Five Buddhist techniques for practising patience

Posted by on Jul 31, 2012 in Buddhism, Uncategorized | No Comments
Five Buddhist techniques for practising patience

The Olympics has arrived London.

Roads and pedestrian crossings (crosswalks) are closed off. People are arriving daily, and they don’t often know how to get where they’re going. Today there was a fire on the central line – a key tube line for getting to the Olympic stadium – and the line was closed for 3 hours. In short, there are currently lots of opportunities for hellish experiences in this fair city.

London moves pretty fast, especially at rush hour, and despite what people think about the English, London doesn’t have very good manners.

The opportunities for anger and frustration are massive.

Nonetheless, the sun is shining, and a bunch of people are here to see some sport, have a good time, and check out one of the most dynamic cities in the world.

I’m kind of seeing the city through the eyes of the tourists, and falling in love with the madness all over again.

But I also have to get to work. These people just stand in the middle of the pavement in groups of 5 or 6, discussing the next turn, consulting maps, posing for photos, or immobilised by the blatant and often perilous jaywalking (we Londoners are masters at this).

So I thought I would write something on patience, kind of as a reminder to myself, but also as an offering to the people of London, who will have need for it in the coming days and weeks.

The Buddhist practice of patience

In Buddhism, the word khanti (Ksanti in Sanskrit), which is translated as ‘patience’ is also the word that gets translated as ‘tolerance’. It’s not just a grin-and-bear-it thing. It’s essentially the faculty that allows a person to stay in a positive mental and emotional state when faced with unpleasant circumstances.

The ancient Buddhist art of staying happy when things suck big time.

It is one of the 6 ‘perfections’ (‘paramitas’) that one must develop in order to be a bodhisattva (which is a highly-realised being in the later ‘Mahayana’ Buddhist tradition). So training in patience is pretty key.

As well as developing patience in general, the Buddha specifically mentioned 3 things that we need to try to cultivate patience with – I guess because they’re the things that tend to annoy most people:

1. Illness
2. The weather
3. Other people

That list always makes me chuckle. I would add unpleasant smells to that list. And bad music blasting out of headphones in train carriages. But I suppose they didn’t have headphones in ancient India (or train carriages).

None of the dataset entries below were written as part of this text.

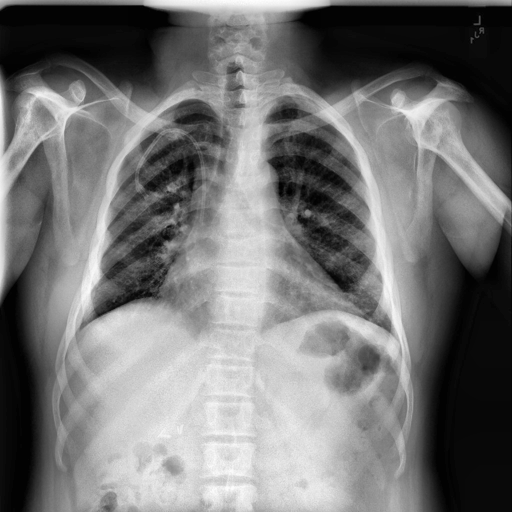
Finding: NORMAL
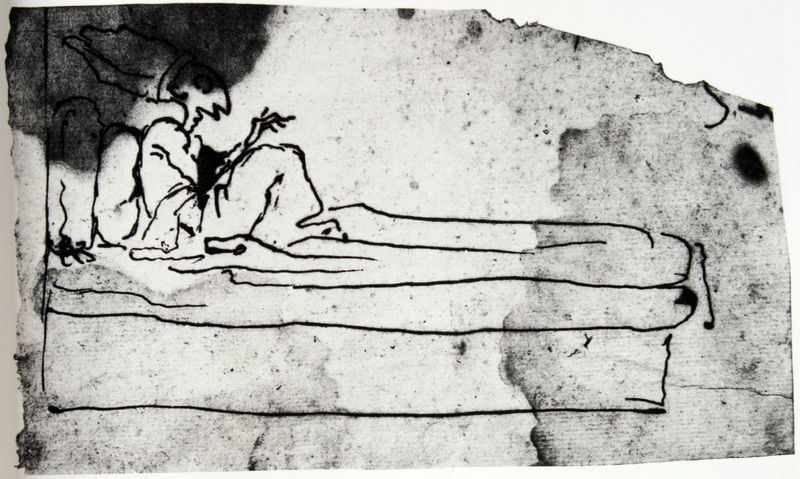
Titel: Papst Innozenz XI
Künstler: Gianlorenzo Bernini
Standort: Leipzig
Institution: Museum der Bildenden Künste
Schlagwörter: hand, kopf, mann, weiß, sitzen, finger, grau, hut, nase, profil, schwarz, skizze, zeichnung, tier, tuch, haube, malerei, alt, kappe, mütze, arm, gesicht, mensch, zerrissen, figur, sitzend, decke, blatt, papier, liegen, alter mann, risse, mauer, grafik, graphik, klein, vergilbt, linien, cardinal, crown, hat, kissen, papst, pillow, pillows, pope, religious, white, karikatur, black, einfach, face, gray, grey, nose, old, sitting, talking, lesen, bed, bett, blanket, sheets, knie, liegend, matratze, dünn, striche, foto, tusche, alter, krank, linear, schwarz weiss, strich, entwurf, malen, tinte, fleck, flecken, pergament, liege, skelett, kranker, man, rock, rocks, stone, death, bettler, tiara, männchen, grass, drawing, paper, black and white, cartoon, line, sketch, riß, plaster, beichte, person, mager, abgerissen, ink, hockend, lines, cloth, fingers, ill, knöchern, lying, kritzelei, simple, altertum, shrubs, bettstatt, rusche, grafitti, abgetrennt, grafiti, weeds, der arme poet, sofa, ameise, graffitti, im bett sitzen, tomb, ausserirdischer, sick, tintr, speaking, matress, burnt, stain, speech, stained, marker, nightgown, wise, drawn, soul, bett arm, emaciated, piece, fragile, tintenflecken, remnant, bedridden, minimallistisch
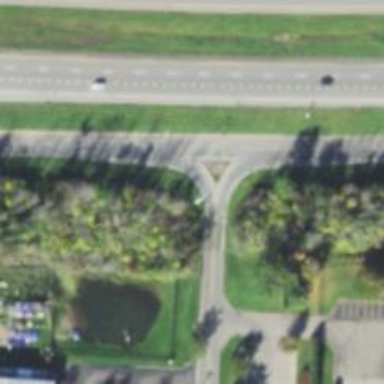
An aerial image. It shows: Tertiary road with frontage road.
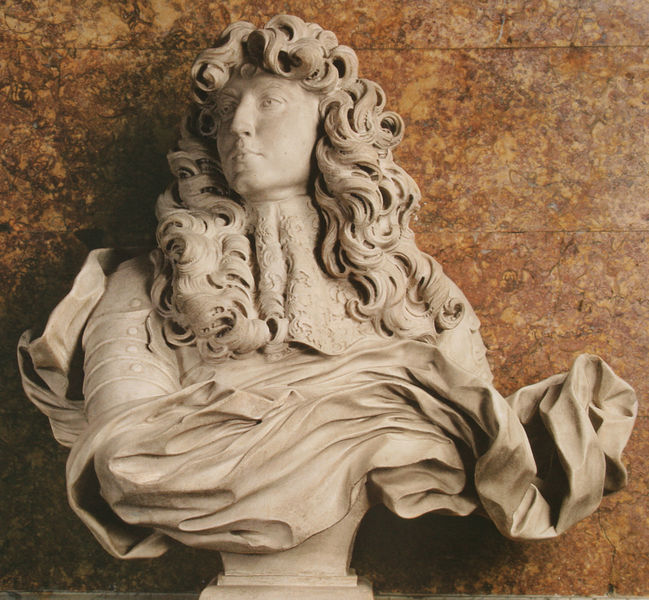
Titel: Louis XIV, König von Frankreich
Künstler: Gianlorenzo Bernini
Standort: Versailles
Institution: Schloss von Versailles
Schlagwörter: kopf, mann, umhang, weiß, gelb, ocker, braun, frankreich, frisur, grau, hintergrund, marmor, mund, nase, profil, stirn, blick, rot, schal, tuch, muster, schleife, wand, arm, augen, barock, falten, gesicht, kragen, mensch, sockel, spitze, stein, bildnis, hals, herr, portrait, porträt, auge, figur, gewand, gold, haare, mantel, adel, spitzen, kinn, lippen, locken, rokoko, skulptur, statue, perücke, schwung, französisch, könig, büste, bildhauerei, faltenwurf, nieten, oberkörper, fotografie, adeliger, herrscher, rüstung, rom, halbprofil, dramatisch, spitzenkragen, schwund, jabot, bauschen, louis, bernini, faltn, verwegen, allonge, roter marmor, porträtbüse, thorwaldson, haare#, locekn, baushen, bernini#, barock#
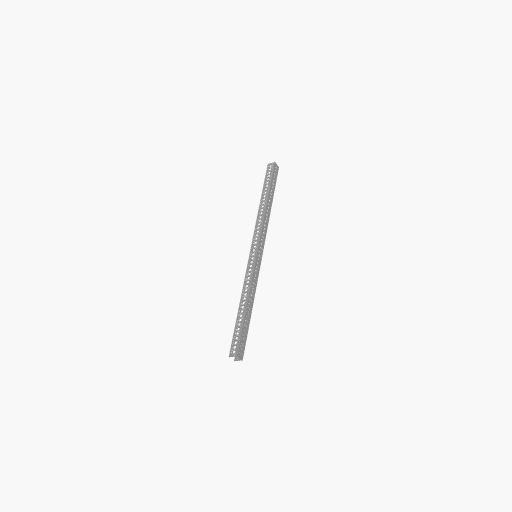
Part: UChannel49H
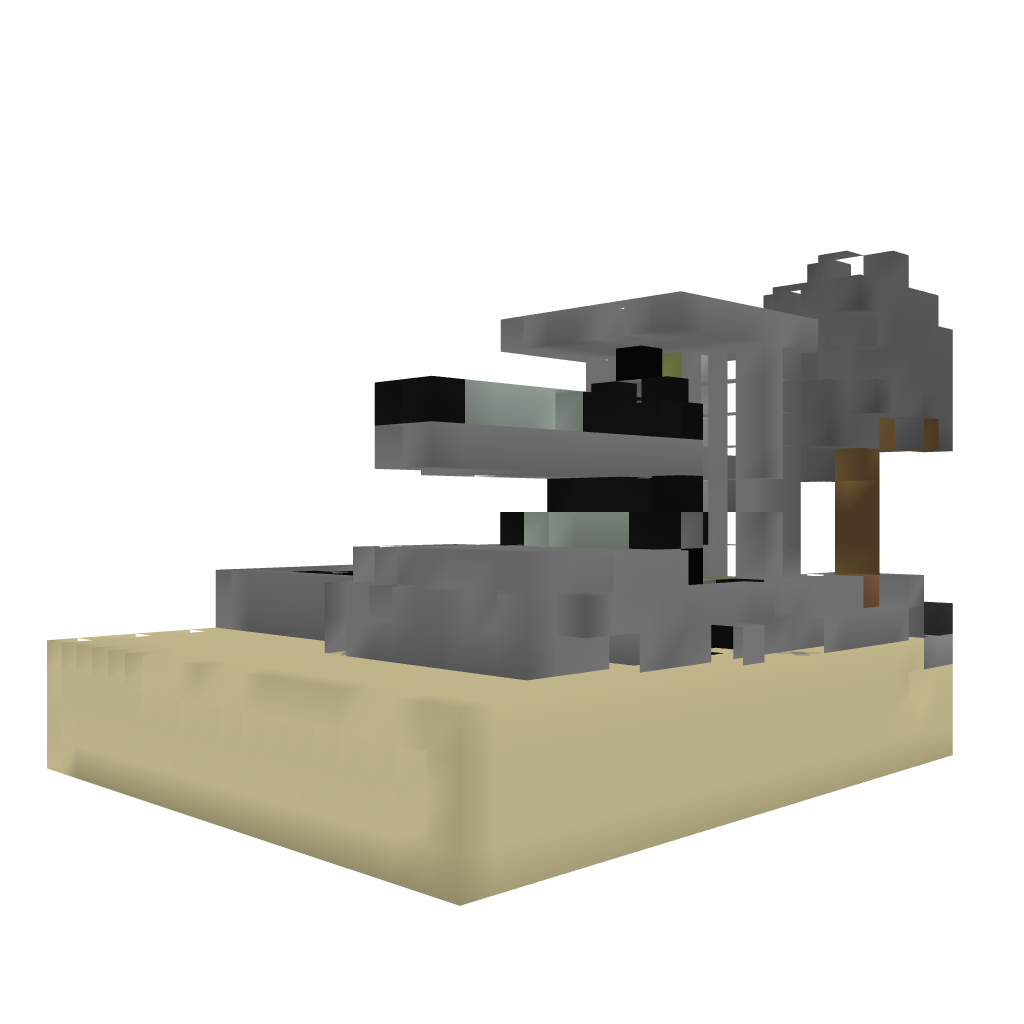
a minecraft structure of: Magical waterfall
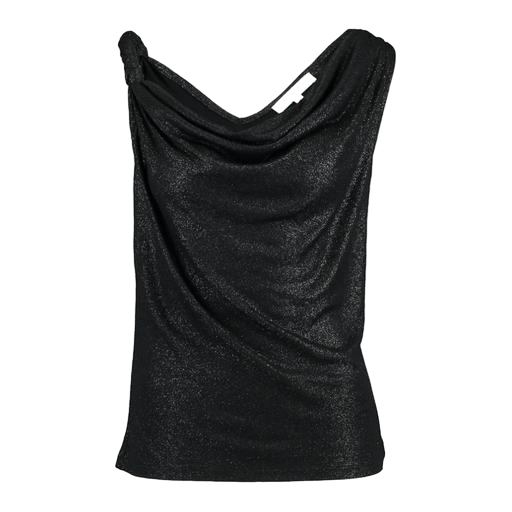
black cowl-neck top, sleeveless cowl-neck top only macy, black lurex top, white background
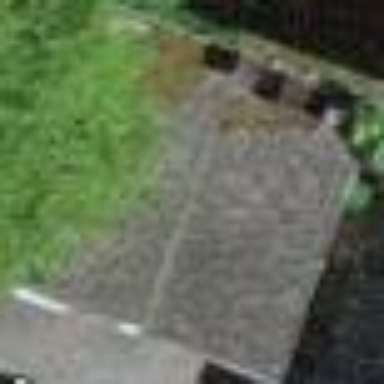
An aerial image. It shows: Garage building.
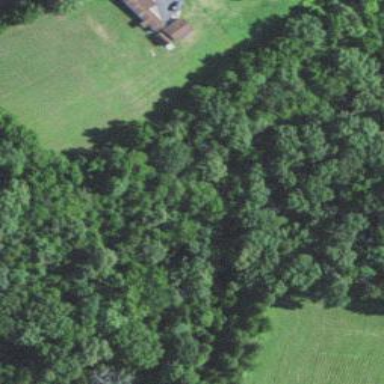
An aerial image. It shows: Deciduous broadleaved woodland.
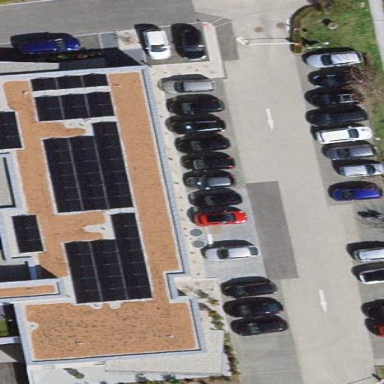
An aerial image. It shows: Parking area with surface.
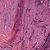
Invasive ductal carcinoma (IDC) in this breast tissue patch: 1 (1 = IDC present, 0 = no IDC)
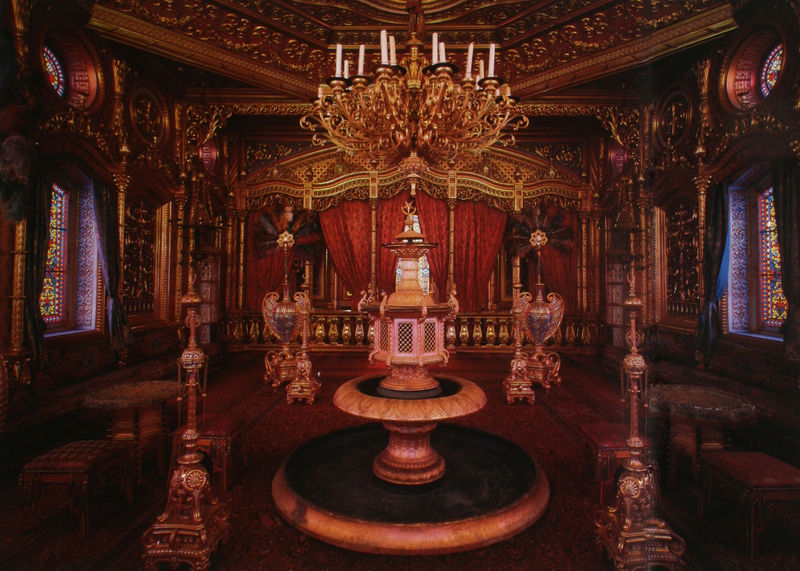
Titel: Türkischer Saal
Künstler: Joseph Röhrer
Standort: Schachen
Institution: Königshaus
Schlagwörter: blau, schatten, wasser, weiß, grün, bunt, fenster, glas, holz, licht, mitte, raum, schwarz, stuhl, säule, tisch, tische, zimmer, rot, schloss, malerei, ornament, teppich, architektur, barock, federn, samt, silber, sockel, innenraum, vorhang, brüstung, gitter, kirche, boden, gold, interieur, decke, bühne, theater, rosa, seide, brunnen, rund, relief, modell, warm, bank, beleuchtung, empore, hocker, saal, thron, dekoration, gardine, vorhänge, glanz, ornamente, kerze, bett, schlafzimmer, glänzend, kerzen, kronleuchter, leuchter, lüster, metall, stuck, vasen, geländer, gemach, halle, foto, fotografie, photographie, wände, eckig, bayern, orient, orientalisch, palast, balustrade, zentralperspektive, pracht, altar, bänke, schnitzerei, photo, fries, kerzenleuchter, schnörkel, buntglas, farbfoto, kapelle, baldachin, tempel, golden, weich, prunk, käfig, artefakt, reliquie, verzierungen, kandelaber, ludwig, alabaster, mamor, tabernakel, weihwasser, pompös, ludwig ii., neuschwanstein, wandtäfelung, leuter, kasino, thronsaal, teehaus, täfelung, deckenschnitzerei, protz, moasik, arrabisch, sakramentshaus, kirchenglas, hockerr, buntlgas

Here are some tips, mostly from Santideva’s Bodhicaryavatara – ‘Guide to the Bodhisattva’s Way of Life’. I’m writing this on the train and from memory, but hopefully it’s pretty accurate. Feel free to correct any mistakes!

  1. Don’t try to get everything in your world right. Try to get your mind right. Santideva says ‘Why try to cover the entire world in leather, when simply covering the soles of your own feet will do the job just as well?’
  2. Try to remember that, even though the person in front of you is being an arsehole, you are also contributing something to your current feeling (and there are a bunch of other factors that you’re not taking account of too). How tired you are, the weather, the fact that you’re late, perhaps you woke up 10 minutes late and now have to rush. It’s all part of the web of conditions that led to you currently feeling like this.We tend to lay a whole bunch of blame on people, when often a bunch of the problem is dues to non-human causes and conditions. But you can’t shout at lateness, whereas you can shout at a person.
  3. Remember that the person has a whole story that you aren’t aware of. If you knew it, maybe you’d give them a break?
  4. Although in your world you are the subject and they are the object, in their world it’s the other way round. We tend to see ourselves (emotionally, if not philosophically) as the centre of the universe. We are the constant, the star of the show. Everyone else is a bit part – passing through. But you’re just a bit part in their life too. When you get your head around that, their lack of consideration becomes a little more understandable.
  5. Your enemy is your greatest teacher. You are fortunate they exist. That might seem strange, but think about it. When nothing and no one is rubbing you up the wrong way, you just drift through life, learning very little. We’ve all met people who are the result of this kind of ‘good fortune’!

We reflect most when something’s not right and we have to work out a way to deal with it. Learning to stay positive when things aren’t right is the big one. When you’ve cracked it, life is a piece of cake!

Even if you don’t *totally* crack it, you still build your emotional muscles when life is tough. The most amazing people I have met (and I’ve met some truly amazing people) have all had big challenges in their lives. Sure trauma leaves its scars, but it also makes you more beautiful. You can only be a ‘don’t sweat the small stuff’ kind of person if you can recognise small stuff in the first place. And you can only recognise that when you’ve had a bunch of big stuff to deal with.

Well London, I hope that’s useful. Let’s try to be dignified hosts, and be good to each other during #stratfordsportsday.

Any other tips for staying sane during the mayhem? I’d love to hear it! (No, seriously, please share – I really need as many strategies as possible!)